El silencio de la silla de ruedas: cuando la ambición olvida que el destino siempre camina de pie

Sé que viniste corriendo para ver cómo termina este momento, y créeme, lo que sigue te va a dejar sin aliento porque la justicia tarda, pero llega con pasos firmes.
A veces, la mayor ceguera no está en los ojos, sino en un corazón que solo late al ritmo del dinero.
Elena terminó de cerrar la maleta con un estruendo que retumbó en las paredes de mármol de la habitación principal. No se molestó en mirar a Roberto, quien permanecía inmóvil en su silla de ruedas, frente al gran ventanal que daba a la ciudad de México, sumido en un silencio que ella confundía con derrota.
—¿De verdad pensaste que me iba a quedar a cuidar a un mueble el resto de mi vida? —soltó Elena con una risa amarga, mientras se ajustaba el abrigo de piel que él mismo le había regalado en su último aniversario.
Roberto no respondió. Sus manos, apoyadas sobre los descansabrazos de la silla, apenas temblaron. Ella se acercó, taconeando con esa seguridad que solo dan las cuentas bancarias llenas, y se inclinó para quedar frente a su rostro.
—Mírate, Roberto. Eres una sombra. Un desperdicio de espacio. Me casé con el dueño de la constructora más grande del país, no con un hombre que necesita que lo bañen como a un niño.
La crueldad de sus palabras flotaba en el aire denso. Elena siempre había sido hermosa, de esa belleza que desarma, pero en ese momento, bajo la luz tenue de las lámparas de cristal, Roberto solo veía una máscara de avaricia que se caía a pedazos.
—Solo estuve contigo estos últimos dos años por la fortuna, mi amor —continuó ella, remarcando la palabra "amor" con un sarcasmo que cortaba como una navaja—. Cada beso, cada "te quiero", cada noche que pasé a tu lado fingiendo que me importaba tu rehabilitación... todo tenía un precio. Y hoy, finalmente, he cobrado el último cheque.
Elena caminó hacia la cómoda y tomó un sobre de cuero.

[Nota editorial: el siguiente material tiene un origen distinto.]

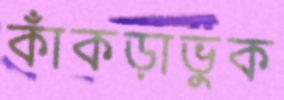
কাঁকড়াভুক
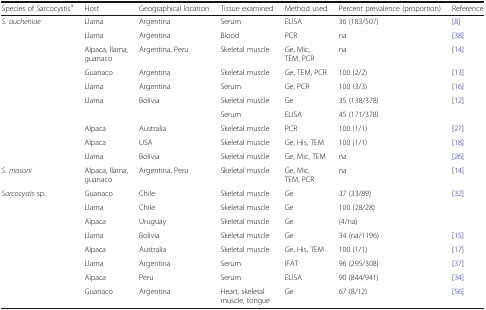
<table><thead><tr><td><b>Species of Sarcocystis<sup>a</sup></b></td><td><b>Host</b></td><td><b>Geographical location</b></td><td><b>Tissue examined</b></td><td><b>Method used</b></td><td><b>Percent prevalence (proportion)</b></td><td><b>Reference</b></td></tr></thead><tbody><tr><td rowspan="10"><i>S. aucheniae</i></td><td>Llama</td><td>Argentina</td><td>Serum</td><td>ELISA</td><td>36 (183/507)</td><td>[8]</td></tr><tr><td>Llama</td><td>Argentina</td><td>Blood</td><td>PCR</td><td>na</td><td>[38]</td></tr><tr><td>Alpaca, llama, guanaco</td><td>Argentina, Peru</td><td>Skeletal muscle</td><td>Ge, Mic, TEM, PCR</td><td>na</td><td>[14]</td></tr><tr><td>Guanaco</td><td>Argentina</td><td>Skeletal muscle</td><td>Ge, TEM, PCR</td><td>100 (2/2)</td><td>[13]</td></tr><tr><td>Llama</td><td>Argentina</td><td>Serum</td><td>Ge, PCR</td><td>100 (3/3)</td><td>[16]</td></tr><tr><td>Llama</td><td>Bolivia</td><td>Skeletal muscle</td><td>Ge</td><td>35 (138/378)</td><td rowspan="2">[12]</td></tr><tr><td></td><td></td><td>Serum</td><td>ELISA</td><td>45 (171/378)</td></tr><tr><td>Alpaca</td><td>Australia</td><td>Skeletal muscle</td><td>PCR</td><td>100 (1/1)</td><td>[27]</td></tr><tr><td>Alpaca</td><td>USA</td><td>Skeletal muscle</td><td>Ge, His, TEM</td><td>100 (1/1)</td><td>[18]</td></tr><tr><td>Llama</td><td>Bolivia</td><td>Skeletal muscle</td><td>Ge, Mic, TEM</td><td>na</td><td>[26]</td></tr><tr><td><i>S. masoni</i></td><td>Alpaca, llama, guanaco</td><td>Argentina, Peru</td><td>Skeletal muscle</td><td>Ge, Mic, TEM, PCR</td><td>na</td><td>[14]</td></tr><tr><td rowspan="8"><i>Sarcocystis</i> sp.</td><td>Guanaco</td><td>Chile</td><td>Skeletal muscle</td><td>Ge</td><td>37 (33/89)</td><td rowspan="3">[32]</td></tr><tr><td>Llama</td><td>Chile</td><td>Skeletal muscle</td><td>Ge</td><td>100 (28/28)</td></tr><tr><td>Alpaca</td><td>Uruguay</td><td>Skeletal muscle</td><td>Ge</td><td>(4/na)</td></tr><tr><td>Llama</td><td>Bolivia</td><td>Skeletal muscle</td><td>Ge</td><td>34 (na/1196)</td><td>[15]</td></tr><tr><td>Alpaca</td><td>Australia</td><td>Skeletal muscle</td><td>Ge, His, TEM</td><td>100 (1/1)</td><td>[17]</td></tr><tr><td>Llama</td><td>Argentina</td><td>Serum</td><td>IFAT</td><td>96 (295/308)</td><td>[37]</td></tr><tr><td>Alpaca</td><td>Peru</td><td>Serum</td><td>ELISA</td><td>90 (844/941)</td><td>[34]</td></tr><tr><td>Guanaco</td><td>Argentina</td><td>Heart, skeletal muscle, tongue</td><td>Ge</td><td>67 (8/12)</td><td>[56]</td></tr></tbody></table>
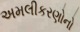
અમલીકરણોનો
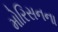
મોરિસનના
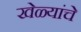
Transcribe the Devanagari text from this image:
खेळ्यांचे
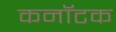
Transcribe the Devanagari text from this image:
कनॉटक
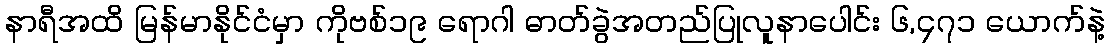
နာရီအထိ မြန်မာနိုင်ငံမှာ ကိုဗစ်၁၉ ရောဂါ ဓာတ်ခွဲအတည်ပြုလူနာပေါင်း ၆,၄၇၁ ယောက်နဲ့
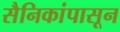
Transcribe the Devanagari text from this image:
सैनिकांपासून
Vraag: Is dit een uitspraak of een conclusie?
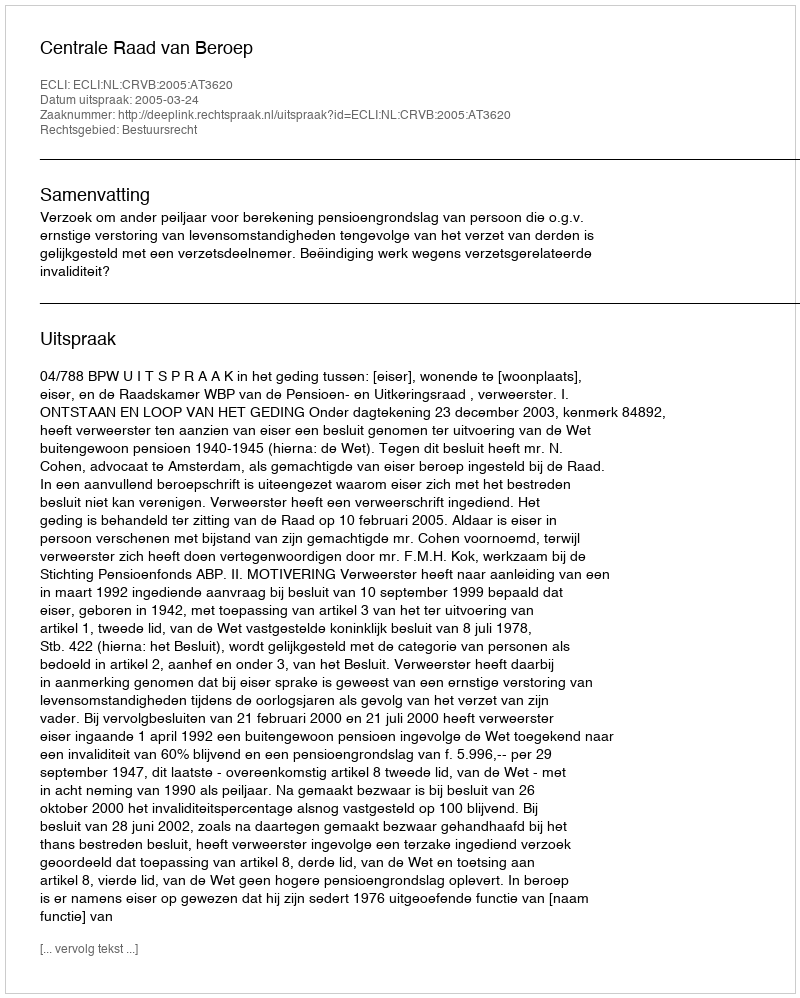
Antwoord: Uitspraak
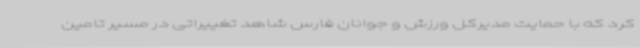
کرد که با حمایت مدیرکل ورزش و جوانان فارس شاهد تغییراتی در مسیر تامین
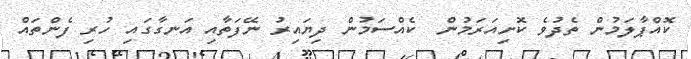
ކޮއްޕާލަމުން ތެދުވެ ކޮށިއަރަމުން  ކެއްސަމުން ދިޔައިރު ނޭފަތާއި އަނގާގައި ހުރި ފެންތައް
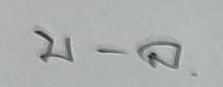
บ - ล
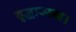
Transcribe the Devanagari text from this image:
वृद्धावस्था।
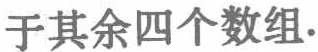
于其余四个数组.
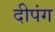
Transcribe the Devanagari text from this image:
दीपंग
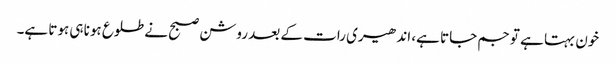
خون بہتا ہے تو جم جاتا ہے، اندھیری رات کے بعد روشن صبح نے طلوع ہونا ہی ہوتا ہے۔
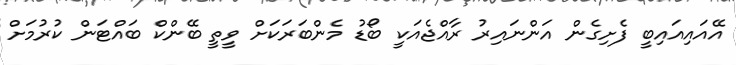
އޭއައިއައިބީ ފެށިގެން އަންނައިރު ރާއްޖެއަކީ ބޯޑު މެންބަރަކަށް ވީތީ ބޭންކް ބައްޓަން ކުރުމަށް
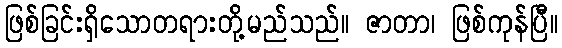
ဖြစ်ခြင်းရှိသောတရားတို့မည်သည်။ ဇာတာ၊ ဖြစ်ကုန်ပြီ။
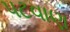
પટવાણ
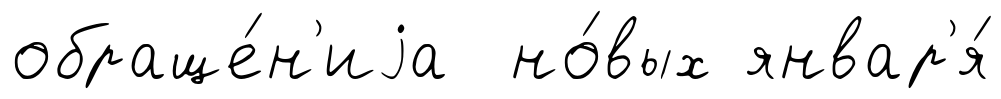
обраще́н'иjа но́вых январ'я́
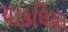
ચાકલિયા
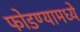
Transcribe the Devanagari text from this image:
फोडण्यामध्ये
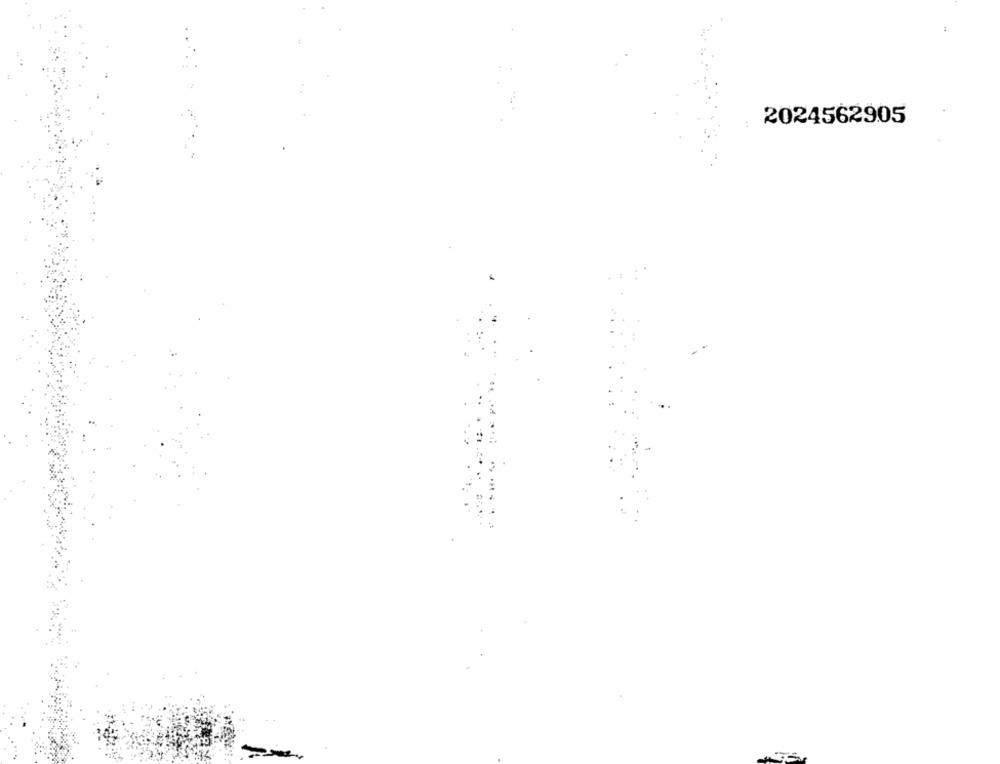
2024562905
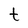
Character: t
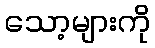
သော့များကို
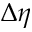
\Delta \eta
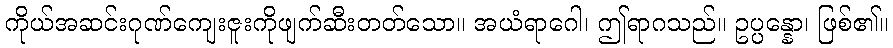
ကိုယ်အဆင်းဂုဏ်ကျေးဇူးကိုဖျက်ဆီးတတ်သော။ အယံရာဂေါ၊ ဤရာဂသည်။ ဥပ္ပန္နော၊ ဖြစ်၏။
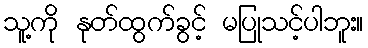
သူ့ကို နုတ်ထွက်ခွင့် မပြုသင့်ပါဘူး။
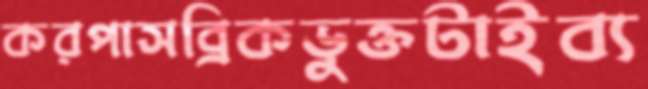
করপাসব্রিকভুক্তটাইব্য
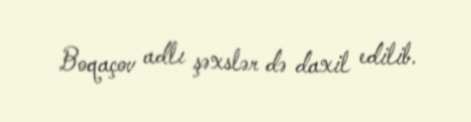
Boqaçov adlı şəxslər də daxil edilib.
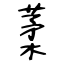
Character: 葇
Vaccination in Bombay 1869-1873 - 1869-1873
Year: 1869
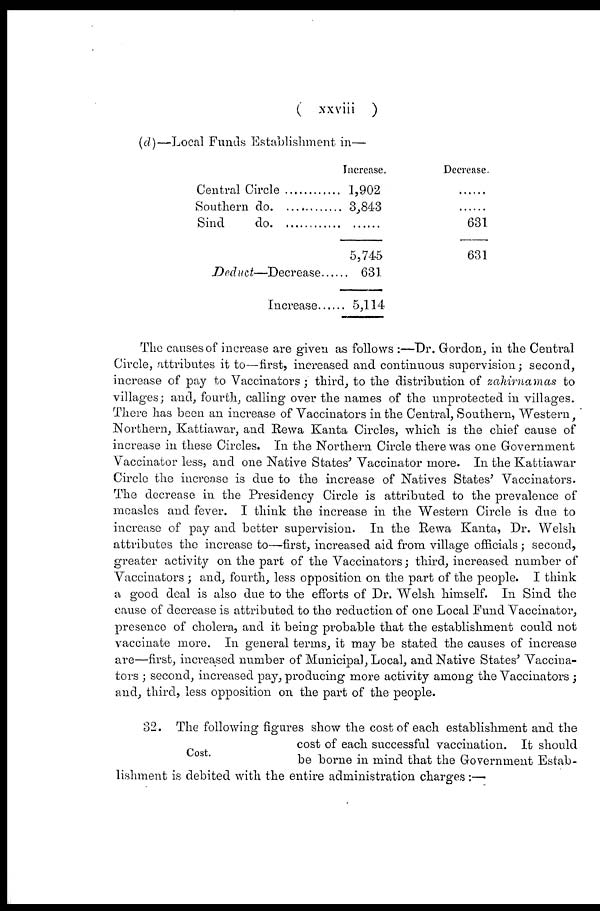
( xxviii )
(d)—Local Funds Establishment in—
Central Circle ................
Southern do. ...............
Sind do. ...............
Deduct—Decrease
Increase......
Increase.
1,902
3,843
......
5,745
631
5,114
Decrease.
......
......
631
631
The causes of increase are given as follows :—Dr. Gordon, in the Central
Circle, attributes it to—first, increased and continuous supervision; second,
increase of pay to Vaccinators ; third, to the distribution of zahirnamas to
villages; and, fourth, calling over the names of the unprotected in villages.
There has been an increase of Vaccinators in the Central, Southern, Western,
Northern, Kattiawar, and Rewa Kanta Circles, which is the chief cause of
increase in these Circles. In the Northern Circle there was one Government
Vaccinator less, and one Native States' Vaccinator more. In the Kattiawar
Circle the increase is due to the increase of Natives States' Vaccinators.
The decrease in the Presidency Circle is attributed to the prevalence of
measles and fever. I think the increase in the Western Circle is due to
increase of pay and better supervision. In the Rewa Kanta, Dr. Welsh
attributes the increase to—first, increased aid from village officials ; second,
greater activity on the part of the Vaccinators; third, increased number of
Vaccinators ; and, fourth, less opposition on the part of the people. I think
a good deal is also due to the efforts of Dr. Welsh himself. In Sind the
cause of decrease is attributed to the reduction of one Local Fund Vaccinator,
presence of cholera, and it being probable that the establishment could not
vaccinate more. In general terms, it may be stated the causes of increase
are—first, increased number of Municipal, Local, and Native States' Vaccina-
tors ; second, increased pay, producing more activity among the Vaccinators ;
and, third, less opposition on the part of the people.
Cost.
32. The following figures show the cost of each establishment and the
cost of each successful vaccination. It should
be borne in mind that the Government Estab-
lishment is debited with the entire administration charges:—

En su interior estaban los documentos que, según ella, le otorgaban el control total de las propiedades en el extranjero. Había aprovechado la supuesta debilidad mental y física de su marido para hacerle firmar papeles que él, supuestamente, no comprendía.
—Esta es nuestra última noche juntos —sentenció ella, caminando hacia la puerta con la maleta a rastras—. Mañana, cuando despiertes, mis abogados te traerán los papeles del divorcio. Te quedarás con esta casa, después de todo, necesitas un lugar con rampas, ¿no? Pero el resto... el resto me pertenece por el tiempo que perdí siendo tu enfermera.
Roberto finalmente giró la cabeza. Sus ojos, que Elena creía apagados por la medicación, brillaban con una intensidad extraña.
—¿Estás segura de que esto es lo que quieres, Elena? —Su voz sonó profunda, sin el rastro de cansancio que había mostrado durante meses.
—Estoy más segura que nunca —respondió ella sin detenerse—. Disfruta de tu soledad, Roberto. Si necesitas algo, llama a la enfermera. Ah, no, espera... también la despedí. Ya no eres mi problema.
Elena cruzó el umbral de la habitación, sus tacones resonando por el pasillo como una cuenta regresiva. No sentía ni una pizca de remordimiento. En su mente, ya estaba en un avión rumbo a Miami con el hombre que realmente amaba, o al menos, con el hombre con el que había estado engañando a Roberto desde que el accidente lo dejó postrado.
Lo que Elena no sabía era que, en el silencio de esa habitación, Roberto estaba cerrando los ojos, contando hasta diez, y sintiendo cómo la sangre hervía en sus venas, no de dolor, sino de una fría y calculada decepción que lo había mantenido cuerdo durante todo este teatro.
Él había escuchado cada llamada telefónica a escondidas, había visto cada mirada de asco cuando ella creía que él dormía, y había sentido cómo su propia esposa le ponía veneno en el alma mucho antes de que decidiera abandonarlo.